Although I’ve taken many through-the-lens pictures of several common VR headsets with a calibrated wide-angle camera, until recently I was still struggling how to compare the resulting fields of view (FoV) quantitatively, how to put them in context, and how to visualize them appropriately. When trying to answer questions like “which VR headset has a bigger FoV?” or “by how much is headset A’s FoV bigger than headset B’s?” or “how does headset C’s FoV compare to the field of vision of the naked human eye?”, the basic question is: how does one even measure field of view, in a way that is fair and allows comparison across a wide range of possible sizes. Does one report a single angle, and how does one measure it? Across the “diagonal” of the field of view? What if the field of view is not a rectangle? Does one report a pair of angles, say horizontal⨉vertical? Again, what if the field of view is not a rectangle?

Then, if FoV is measured either as a single angle or a pair of angles, how does one compare different FoVs fairly? If one headset has 100° FoV, and another has 110°, does the latter show 10% more of a virtual 3D environment? What if one has 100°⨉100° and another has 110°⨉110°, does the latter show 21% more?

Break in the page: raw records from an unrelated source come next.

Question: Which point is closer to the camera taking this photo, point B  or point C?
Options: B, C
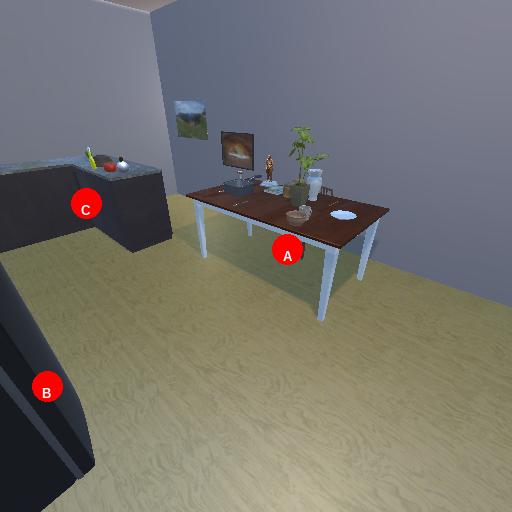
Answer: B
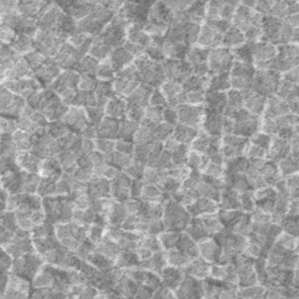
Label: frost
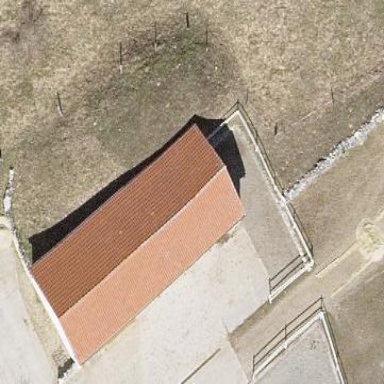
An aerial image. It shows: Farmyard area.
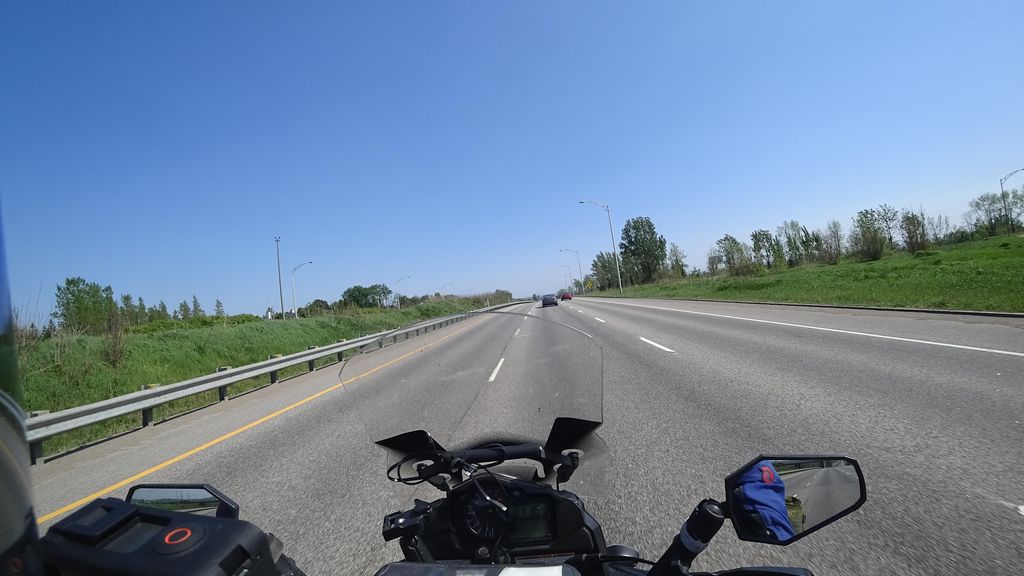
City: quebec_city

To find a reasonable answer, let’s go back to the basics: what does FoV actually measure? The general idea is that FoV measures how much of a virtual 3D environment a user can see at any given instant, meaning, without moving their head. A larger FoV value should mean that a user can see more, and, ideally, an FoV value that is twice as large should mean that a user can see twice as much.

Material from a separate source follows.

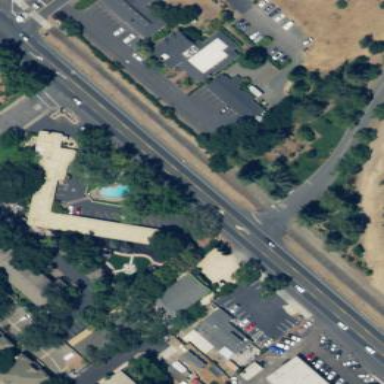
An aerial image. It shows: Motel building.
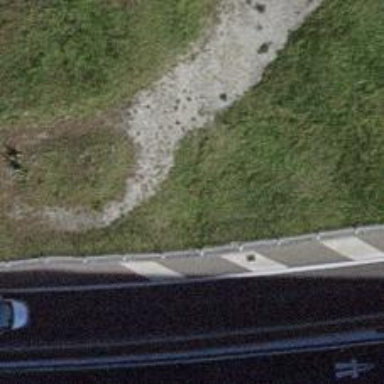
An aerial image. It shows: Tunnel on the motorway.

Now, what does it mean that “something can be seen?” We can see something if light from that something reaches our eye, enters the eye through the cornea, pupil, and lens, and finally hits the retina. In principle, light travels towards our eyes from all possible directions, but only some of those directions end up on the retina due to various obstructions (we can’t see behind our heads, for example). So a reasonable measure of field of view (for one eye) would be the total number of different 3D directions from which light reaches that eye’s retina. The problem is that there is an infinite number of different directions from which light can arrive, so simple counting does not work.